The termination of the service of the applicant was therefore both substantively and procedurally unfair.
RELIEF:
The applicant is claiming
12 months wages as compensation E42,000.00
One month's wage in lieu of notice and E 3,500.00
Five days' leave pay E 807.60
The evidence led before the court showed that before the expiry of the three months, the employer told the applicant that his performance was not satisfactory. The applicant asked for one more month to prove himself and said there were some deals that were going to come through. During that extension period the applicant was involved in an accident. He was hospitalized for two weeks. After his discharge, he was at home most of the time as he was still recuperating.
The applicant was paid his salary even though he was not at work most of the time in September 2001. The applicant was also paid his salary even though he was not at work in October 2001.
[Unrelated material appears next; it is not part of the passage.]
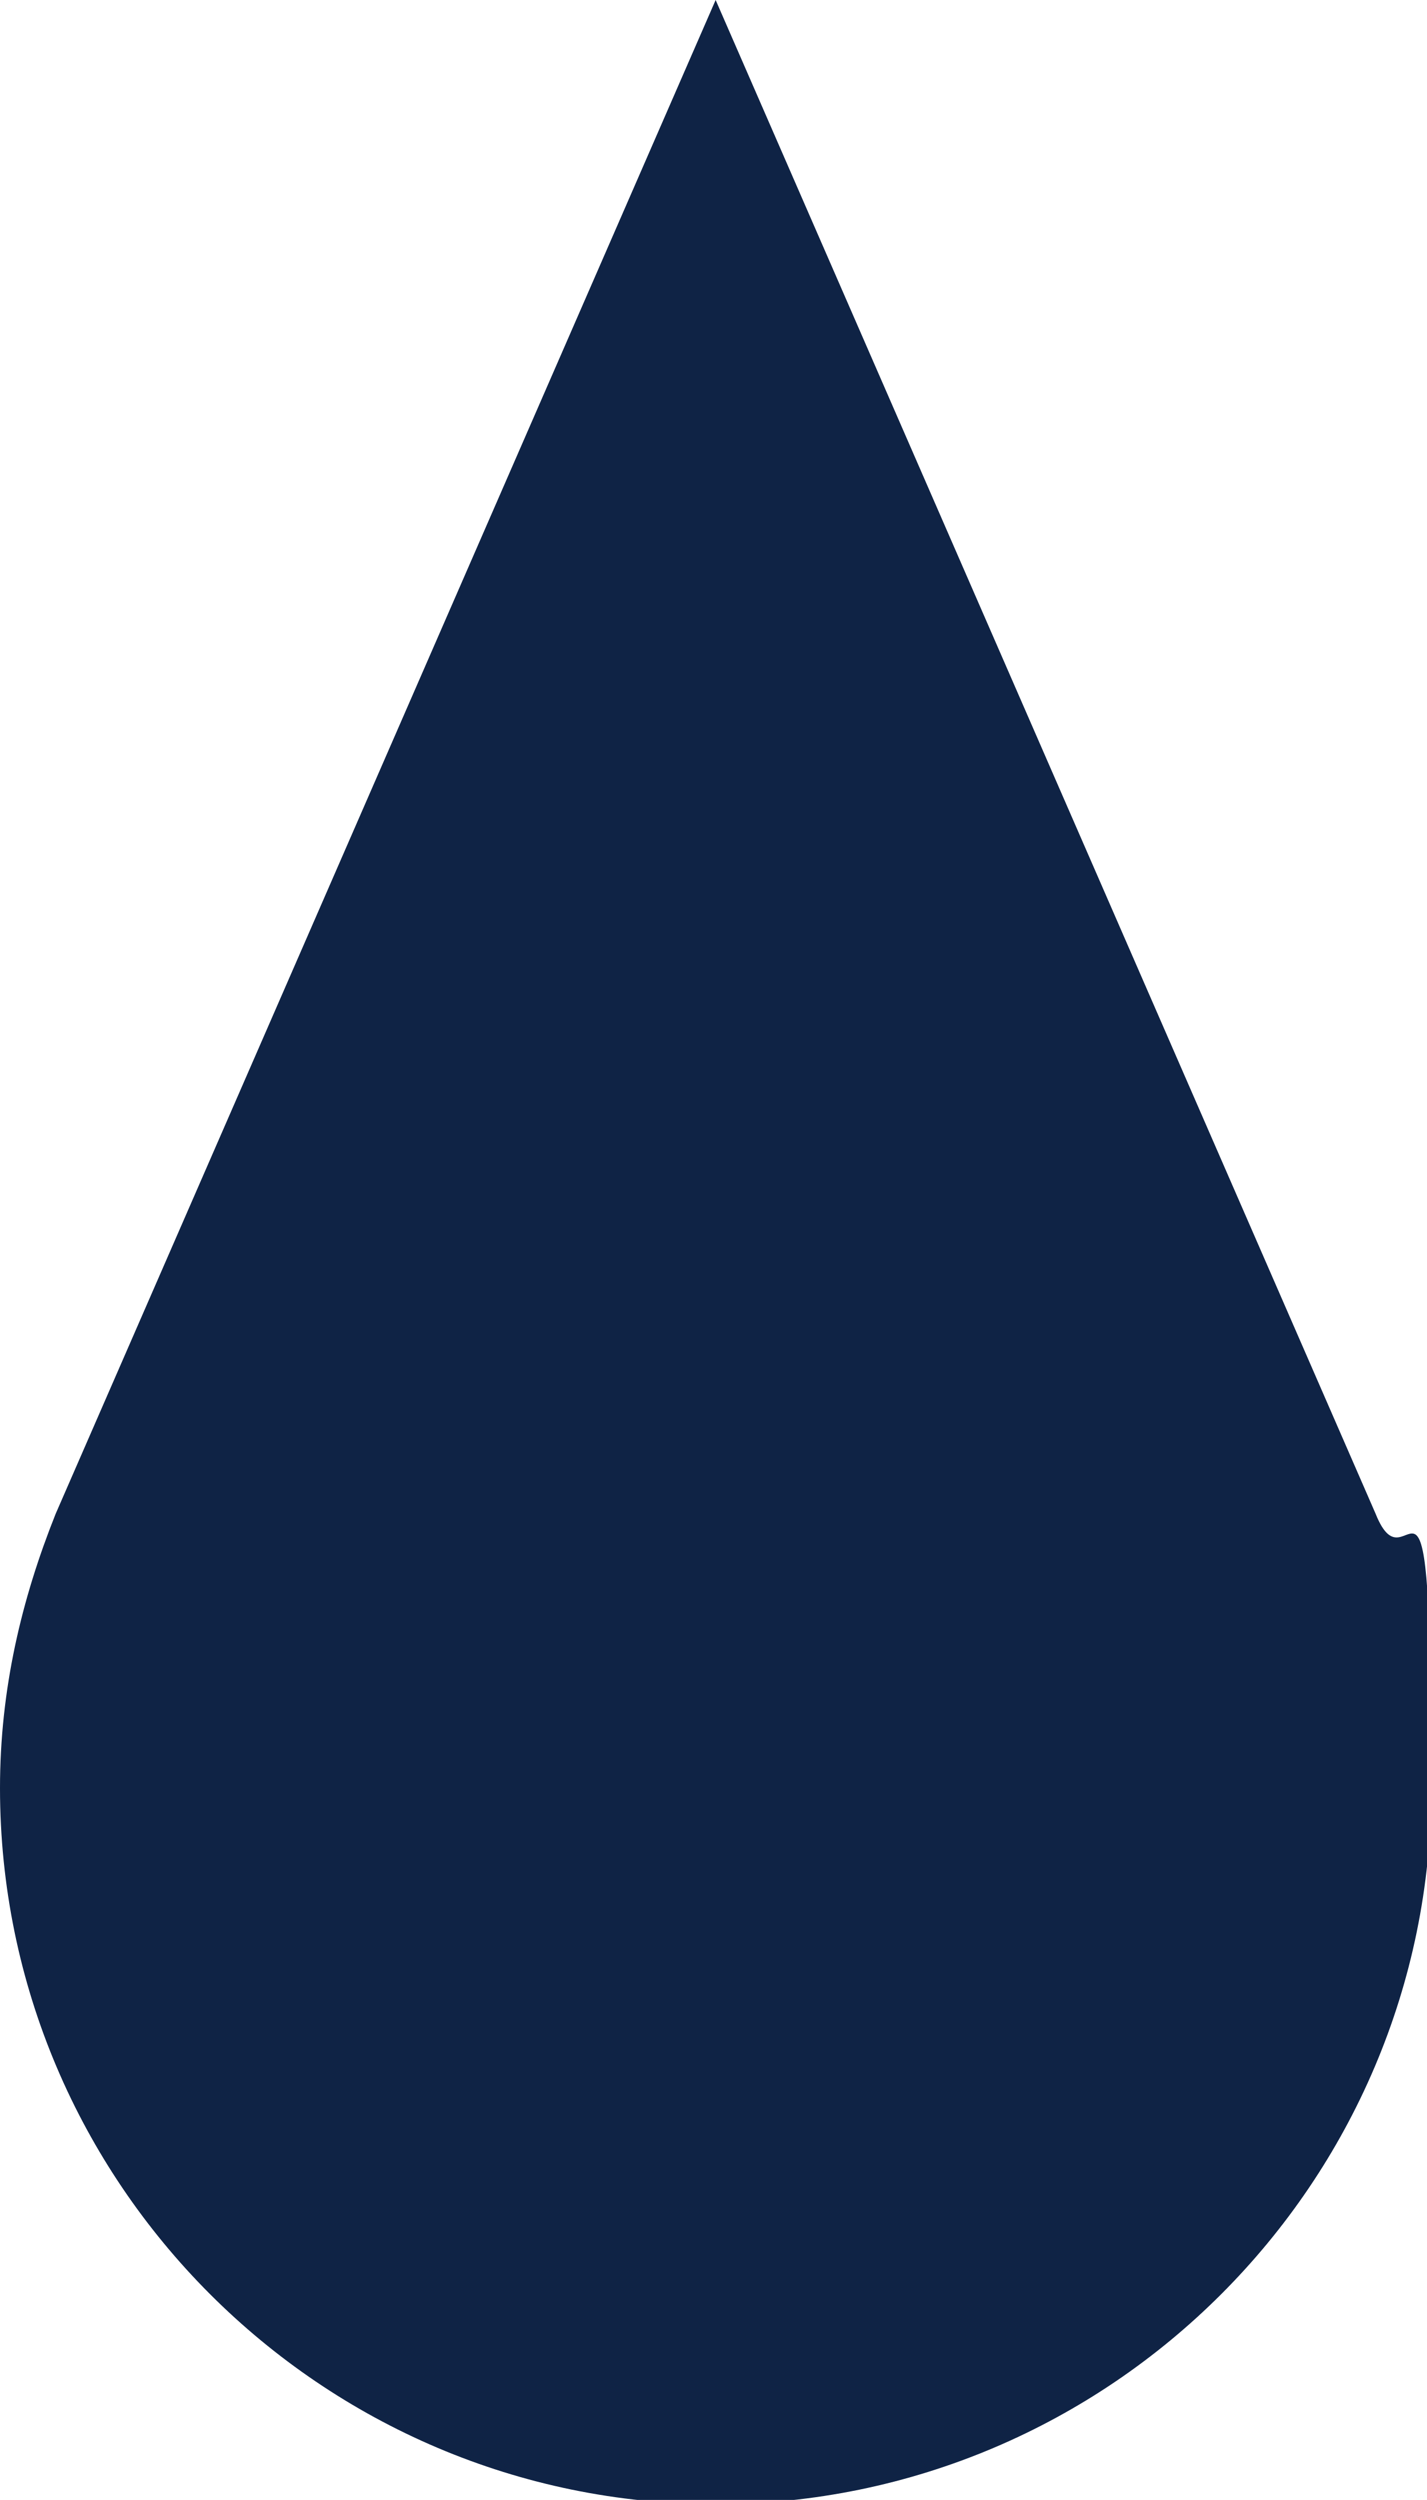 <svg xmlns="http://www.w3.org/2000/svg" id="Layer_1" viewBox="0 0 33.3 58.3"><defs><style>      .st0 {        fill: #0f2345;      }    </style></defs><path class="st0" d="M0,41.7c0,9.2,7.5,16.7,16.7,16.7s16.7-7.5,16.7-16.7-.5-4.4-1.3-6.4L16.7,0,1.3,35.3c-.8,2-1.3,4.1-1.3,6.4Z"></path></svg>

The respondent's conduct of agreeing to give the applicant another chance to prove himself, and to continue to pay him his salary even though the was not at work clearly showed that there were no ill-feelings between the parties. The conduct of the respondent further showed that the respondent was a reasonable and considerate employer, who was not eager to get rid of the applicant even though he was not performing well. In his magnanimity, the respondent unwittingly breached the provisions of the Employment Act.
The respondent therefore does not fall within the class of employers who deliberately violate the rights of employees at the workplace. This case therefore is one where only the minimum compensation should be ordered. The applicant said he was thirty-two years old and has two children but is not married. He has a degree in administration.
Taking into account all these factors into account, the court will make an order that the respondent pays the applicant the following amounts of money;
ONE MONTH'S SALARY AS NOTICE PAY E3,500.00
ONE MONTH'S SALARY AS COMPENSA TION
FOR THE UNFAIR DISMISSAL E3,500.00
3. FIVE DAYS LEAVE PAY E 807.60
TOTAL E7,807.60
No order for costs is made. The members agree.